A landmark UCLA study published in the journal Science Advances found that between 2008 and 2018, wildfire smoke PM2.5 caused between 52,480 and 55,710 premature deaths in California alone — an average of roughly 5,000 premature deaths per year in just one state — with an associated economic cost of $432 billion to $456 billion.

More recent research published by the American Chemical Society in December 2025 further revealed that wildland fires emit significantly more harmful organic compounds and volatile organic compounds (VOCs) than previously estimated — increasing the toxicity profile of wildfire smoke well beyond what current models account for.

This is not the result of climate change alone. It is the predictable outcome of policies that favor special interests and suppression budgets over ecological reality and public safety.

America does not need to keep repeating Brazil’s mistake.
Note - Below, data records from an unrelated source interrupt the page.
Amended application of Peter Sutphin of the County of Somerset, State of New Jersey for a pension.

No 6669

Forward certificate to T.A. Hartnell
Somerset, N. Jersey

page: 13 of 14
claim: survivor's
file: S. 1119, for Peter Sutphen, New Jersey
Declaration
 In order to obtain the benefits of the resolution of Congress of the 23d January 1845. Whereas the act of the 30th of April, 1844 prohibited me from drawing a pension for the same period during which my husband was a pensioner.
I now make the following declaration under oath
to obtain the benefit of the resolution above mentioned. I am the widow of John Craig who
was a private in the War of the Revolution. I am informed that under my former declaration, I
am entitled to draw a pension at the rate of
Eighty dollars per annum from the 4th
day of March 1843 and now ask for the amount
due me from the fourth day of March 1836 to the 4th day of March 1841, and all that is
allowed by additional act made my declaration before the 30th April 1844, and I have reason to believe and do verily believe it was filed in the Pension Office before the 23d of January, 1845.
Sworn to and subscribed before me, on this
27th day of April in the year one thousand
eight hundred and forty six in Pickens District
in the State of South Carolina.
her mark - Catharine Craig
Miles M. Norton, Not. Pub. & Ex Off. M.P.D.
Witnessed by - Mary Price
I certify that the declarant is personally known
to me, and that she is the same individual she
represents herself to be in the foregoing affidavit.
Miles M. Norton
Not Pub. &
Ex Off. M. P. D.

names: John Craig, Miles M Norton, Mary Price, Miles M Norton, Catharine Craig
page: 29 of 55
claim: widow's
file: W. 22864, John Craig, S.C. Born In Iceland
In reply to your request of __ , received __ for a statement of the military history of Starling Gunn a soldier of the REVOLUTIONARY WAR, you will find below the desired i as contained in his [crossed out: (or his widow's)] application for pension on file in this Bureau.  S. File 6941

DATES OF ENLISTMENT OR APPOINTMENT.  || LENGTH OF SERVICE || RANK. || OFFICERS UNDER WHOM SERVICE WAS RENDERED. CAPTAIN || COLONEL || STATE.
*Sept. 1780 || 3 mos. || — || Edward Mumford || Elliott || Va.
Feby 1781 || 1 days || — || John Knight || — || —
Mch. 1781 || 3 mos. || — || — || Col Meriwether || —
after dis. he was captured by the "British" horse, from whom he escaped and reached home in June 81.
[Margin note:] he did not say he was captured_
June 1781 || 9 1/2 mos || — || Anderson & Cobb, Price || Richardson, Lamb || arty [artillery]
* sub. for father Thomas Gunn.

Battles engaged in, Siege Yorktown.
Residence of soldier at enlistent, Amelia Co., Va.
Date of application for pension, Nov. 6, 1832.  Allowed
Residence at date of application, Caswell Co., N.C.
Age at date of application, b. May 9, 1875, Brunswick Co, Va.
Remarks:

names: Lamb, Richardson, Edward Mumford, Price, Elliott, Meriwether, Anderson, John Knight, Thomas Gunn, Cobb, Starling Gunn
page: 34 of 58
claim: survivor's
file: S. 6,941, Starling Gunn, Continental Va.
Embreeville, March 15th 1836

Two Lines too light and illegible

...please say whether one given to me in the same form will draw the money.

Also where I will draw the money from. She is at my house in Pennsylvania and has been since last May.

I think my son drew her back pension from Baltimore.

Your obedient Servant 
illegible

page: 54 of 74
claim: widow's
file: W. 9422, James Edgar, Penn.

We already have the right animal for the job — the wild horse — and the real-world evidence to support its careful rewilding in appropriate wilderness areas.

What we lack is the political courage to move beyond outdated, livestock-biased management and embrace science-based, nature-aligned solutions.

The current management of America’s public forests and wilderness areas is not merely ineffective. It is ecologically illiterate, economically wasteful, and morally indefensible.

It is long past time for a fundamental course correction.